In Lackey, we also noted that there was a division of authority on the question here involved and cited Transport Ins. Co. Standard Oil Co. of Texas, 161 Tex. 93, 337 S.W.2d 284 (1960), as representing those jurisdictions giving no effect to the severability of interests clause. However, in Commercial Standard Ins. Co. American General Ins. Co., supra, the Texas court overruled Transport, and gave effect to the severability of interest clause. The court said:

{"Although the unqualified words 'the insured' are used, they can refer to the named insured and one or more additional insureds. The words do not always mean the named insured and one or more omnibus insureds; otherwise, we would be giving meaning to the word 'collectively' and ignoring the word 'severally.'"

. . ..

{"[The] term 'the insured' as used in this policy must be examined by first applying the 'severability of interests' test. 'The insured' does not refer to all insureds; rather, the term is used to refer to each insured as a separate and distinct individual apart from any and every other person who may be entitled to coverage thereunder. When a *815 claim is made against one who is an 'insured' under the policy, the latter is 'the insured,' for the purpose of determining the company's obligations with respect to such claim. The only limitation in this clause is to the effect that the 'inclusion herein of more than one insured shall not operate to increase the limit of the company's liability.'" 455 S.W.2d at 721, 48 A.L.R.3d at 12.

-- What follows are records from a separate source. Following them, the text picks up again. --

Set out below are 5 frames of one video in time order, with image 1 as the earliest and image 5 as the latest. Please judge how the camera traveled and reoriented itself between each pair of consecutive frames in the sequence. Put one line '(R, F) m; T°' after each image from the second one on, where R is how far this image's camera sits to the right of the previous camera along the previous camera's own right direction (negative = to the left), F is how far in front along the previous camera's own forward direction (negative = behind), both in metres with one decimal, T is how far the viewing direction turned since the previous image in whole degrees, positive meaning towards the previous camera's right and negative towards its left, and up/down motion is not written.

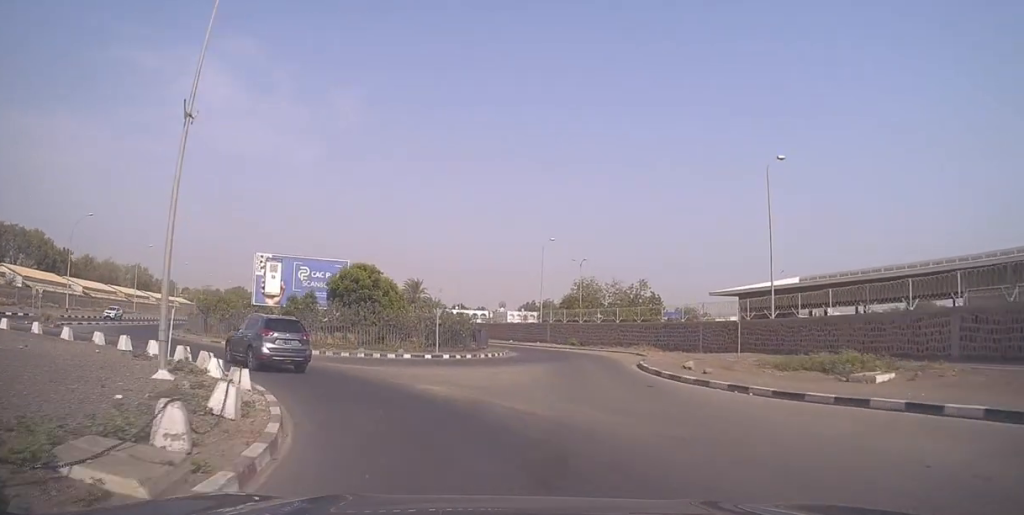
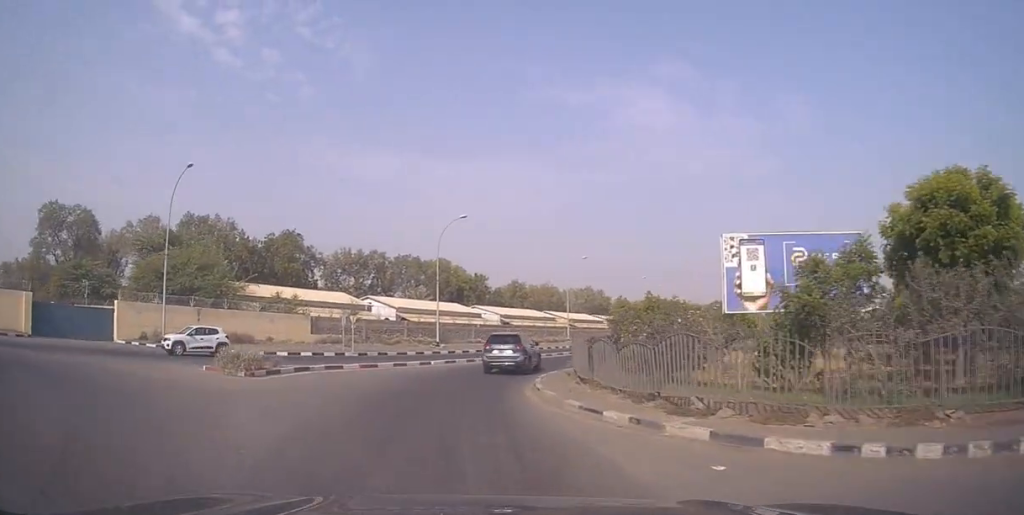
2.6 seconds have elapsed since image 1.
(-7.4, +20.3) m; -44°
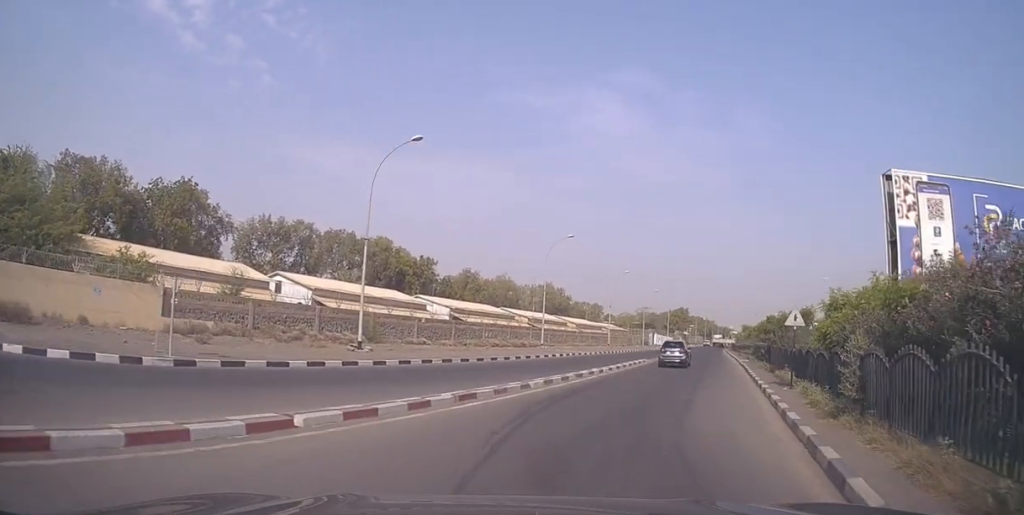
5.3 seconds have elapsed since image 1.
(-2.5, +20.0) m; +5°
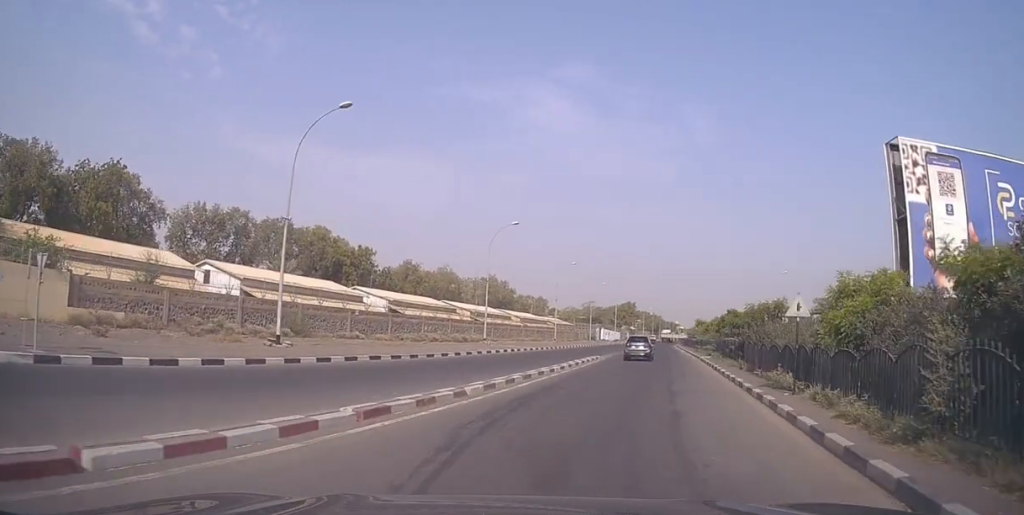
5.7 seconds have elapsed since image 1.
(+0.7, +3.7) m; +6°
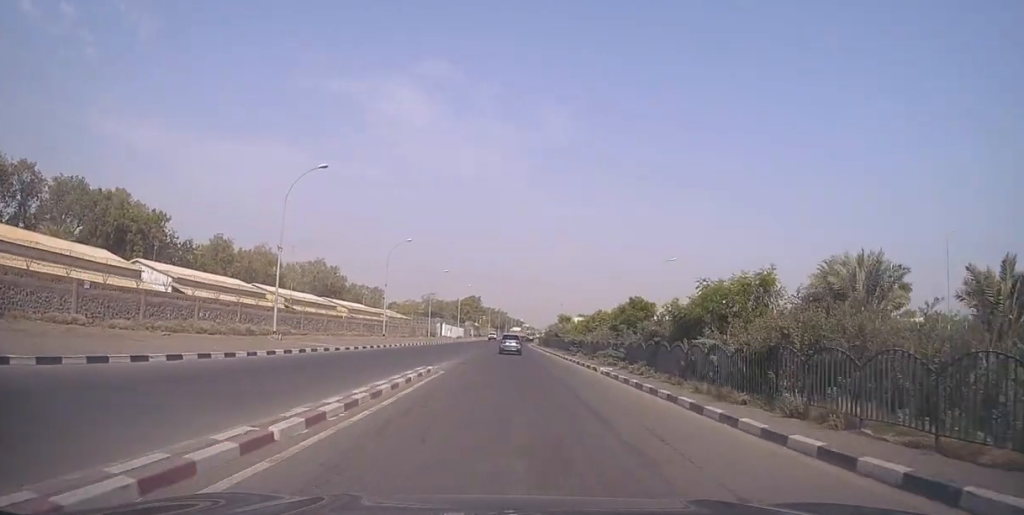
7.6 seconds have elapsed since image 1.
(+2.1, +16.8) m; +10°
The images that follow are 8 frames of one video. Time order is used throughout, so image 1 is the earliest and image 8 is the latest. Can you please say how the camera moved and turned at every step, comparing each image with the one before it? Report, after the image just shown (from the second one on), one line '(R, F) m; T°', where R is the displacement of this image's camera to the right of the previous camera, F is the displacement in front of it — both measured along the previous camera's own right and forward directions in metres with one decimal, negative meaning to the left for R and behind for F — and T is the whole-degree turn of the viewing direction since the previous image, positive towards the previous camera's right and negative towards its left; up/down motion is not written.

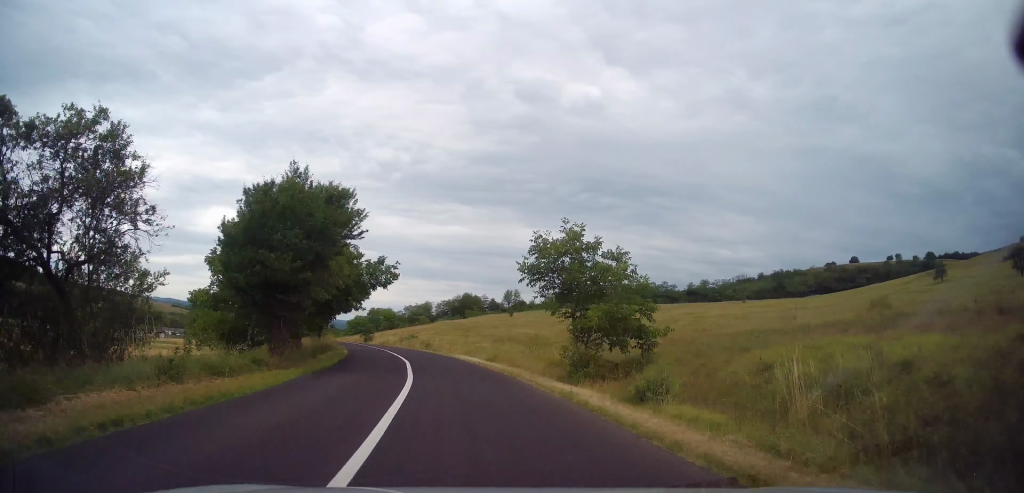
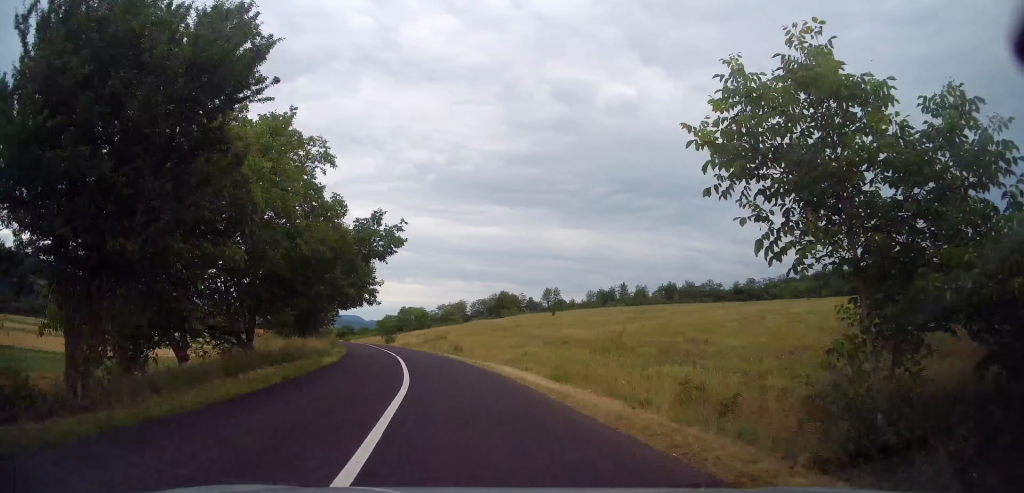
(-0.2, +11.8) m; -3°
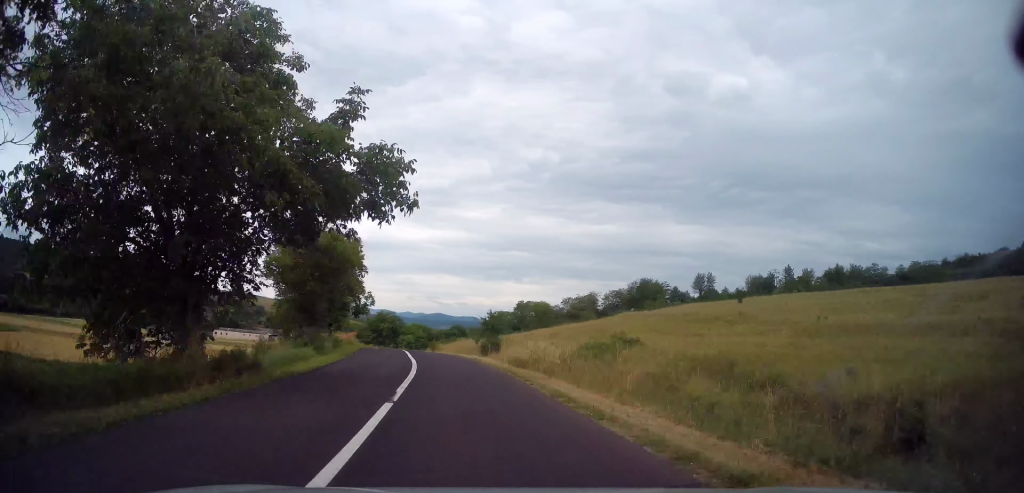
(-4.2, +37.7) m; -12°
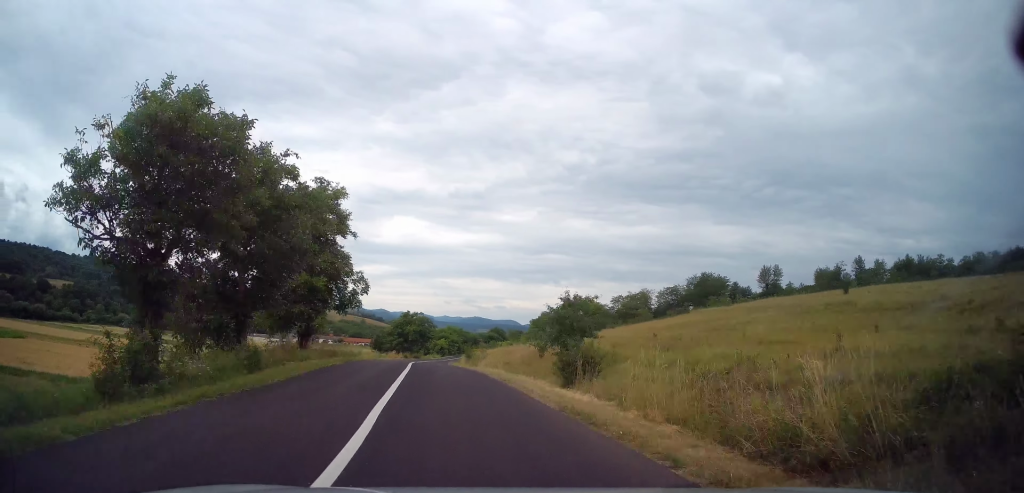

We have read all the cases relied upon by U.S. Fire in support of its position and we are unpersuaded by them, since they either omit consideration of the severability of interests clause or are inapposite. In our view, no useful purpose would be served in discussing them.

Obviously, the severability of interests clause was placed in insurance policies for some purpose, and for courts to ignore that purpose would render the clause meaningless. If U.S. Fire had intended to exclude all insureds from coverage when a trailer was attached to an automobile [tractor] not insured by it, it could have done so in plain and simple language.

We think the better reasoned cases are those which give effect to severability of interests clauses and restrict "the insured" to the person claiming coverage. We find that Banks was an "insured," claiming coverage under the policy, and that he neither owned or hired the tractor with its attached trailer insured by U.S. Fire. Thus, we hold that exclusion (c) is not applicable as to him.

For the reasons stated, the judgment in the court below declaring Bankers & Shippers and U.S. Fire equally liable under their policies for the March 9, 1973 accident is

Affirmed.

NOTES

[1] Prior to this action, U.S. Fire paid $62,500 to the personal representatives of the decedents in settlement of their claims.